Title: Me, you, and the devil makes two
Pairings/Characters: Sam/Dean
Rating: PG
Category:One-shot, complete
Word Count: 2900
Spoilers: Seasons one to seven in general
Summary: This is what it’s like to hallucinate the devil.
Disclaimer: Not mine. Not even a little.
There is a perfect way to explain what it’s like in Sam’s head, but Sam can’t remember it.
When Sam was ten he had an allergic reaction to something. He can’t remember what it was a reaction to, but his left eye swelled close and Dean freaked out because he’d just heard about some neighbourhood kid dying of a bee sting. The kid’s name was Emmett James.

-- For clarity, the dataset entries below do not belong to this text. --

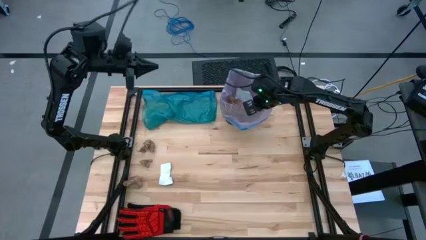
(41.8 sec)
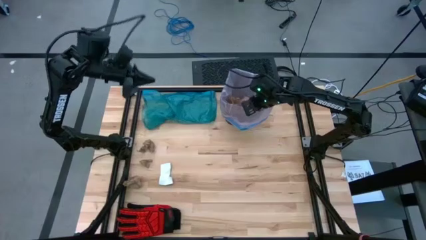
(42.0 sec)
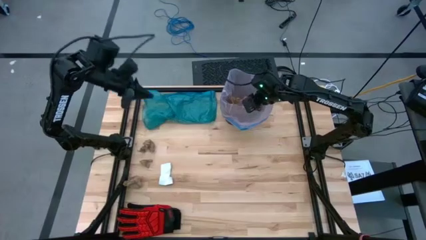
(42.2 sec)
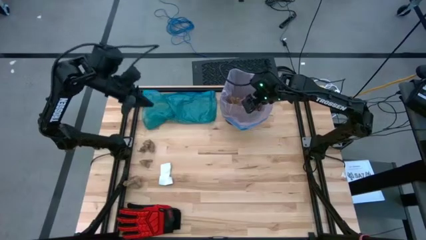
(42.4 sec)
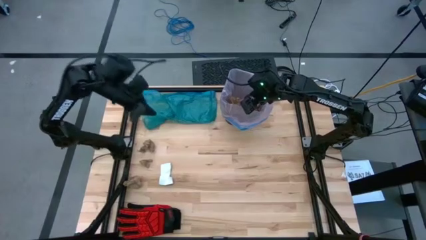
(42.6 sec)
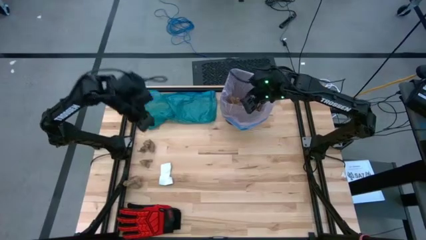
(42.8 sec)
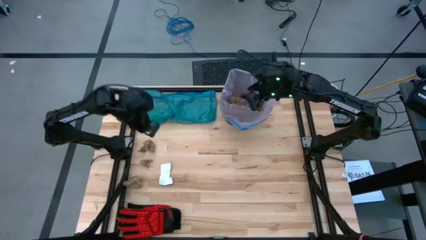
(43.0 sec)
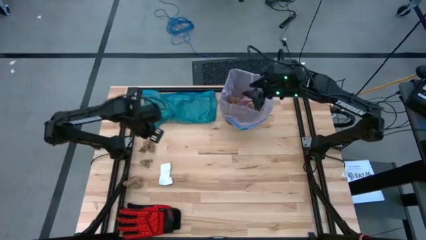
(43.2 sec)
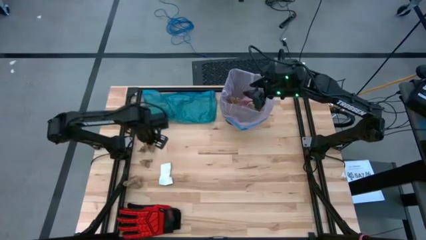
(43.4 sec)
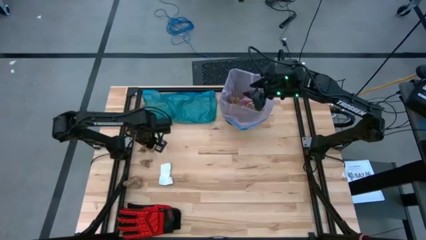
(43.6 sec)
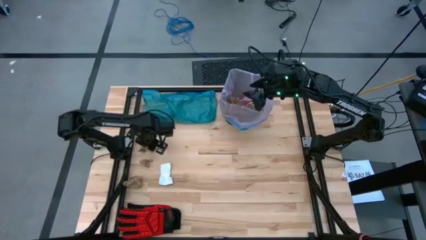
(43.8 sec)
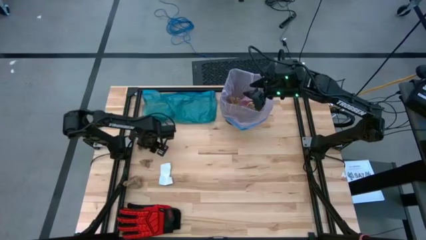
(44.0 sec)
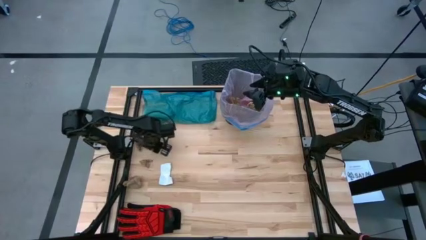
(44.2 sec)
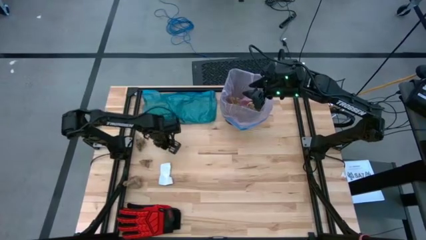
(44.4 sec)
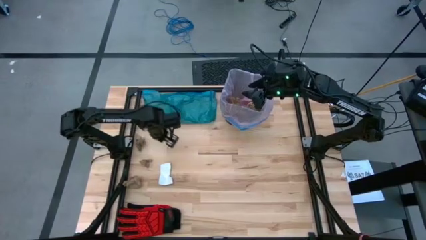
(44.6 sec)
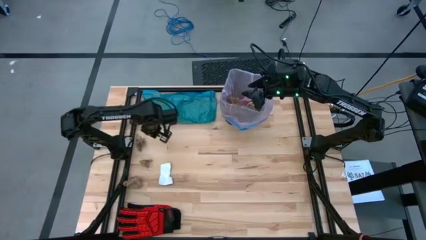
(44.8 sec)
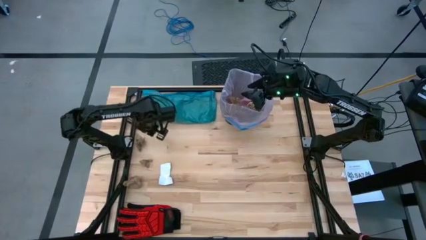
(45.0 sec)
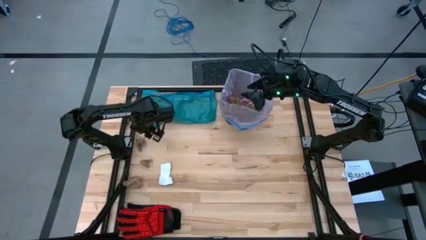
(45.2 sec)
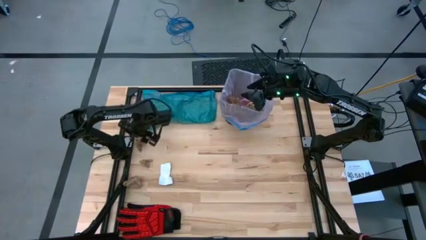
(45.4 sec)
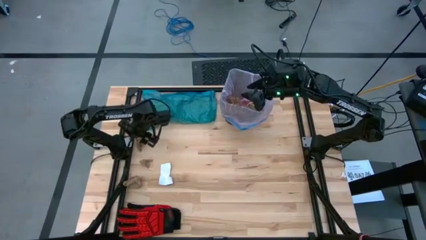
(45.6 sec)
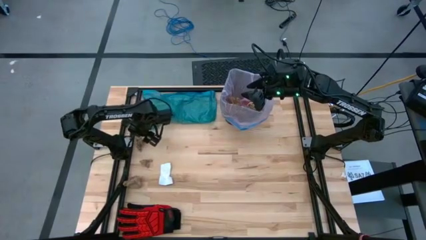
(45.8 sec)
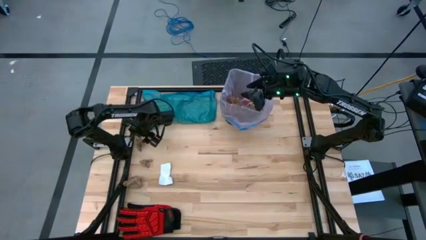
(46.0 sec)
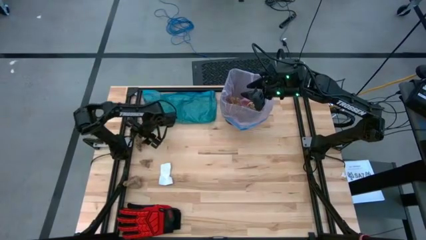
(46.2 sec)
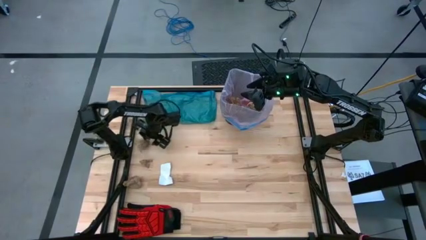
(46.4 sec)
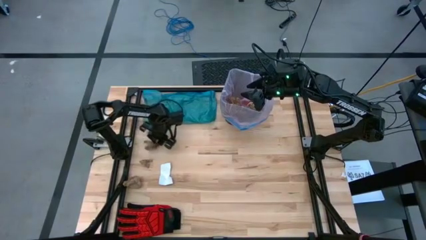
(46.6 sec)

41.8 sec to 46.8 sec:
Task: place trash/remove bag and relplace
Put the brown paper into the black trash bin

Dean could probably dredge up the memory if he was given enough to go off. He might remember Emmett’s name. He might remember the kid was the year below Sam in school, that he was skinny and loud. He probably had ADD, not that anyone was getting that sort of diagnosis in that Podunk town. Dean might be able to name the town. No doubt he’d be able to remember how he boosted a car, put Sam in the backseat, practically hyperventilating the whole break-neck drive there, and just about threw Sam at the doctors, terrified Sam was going to die.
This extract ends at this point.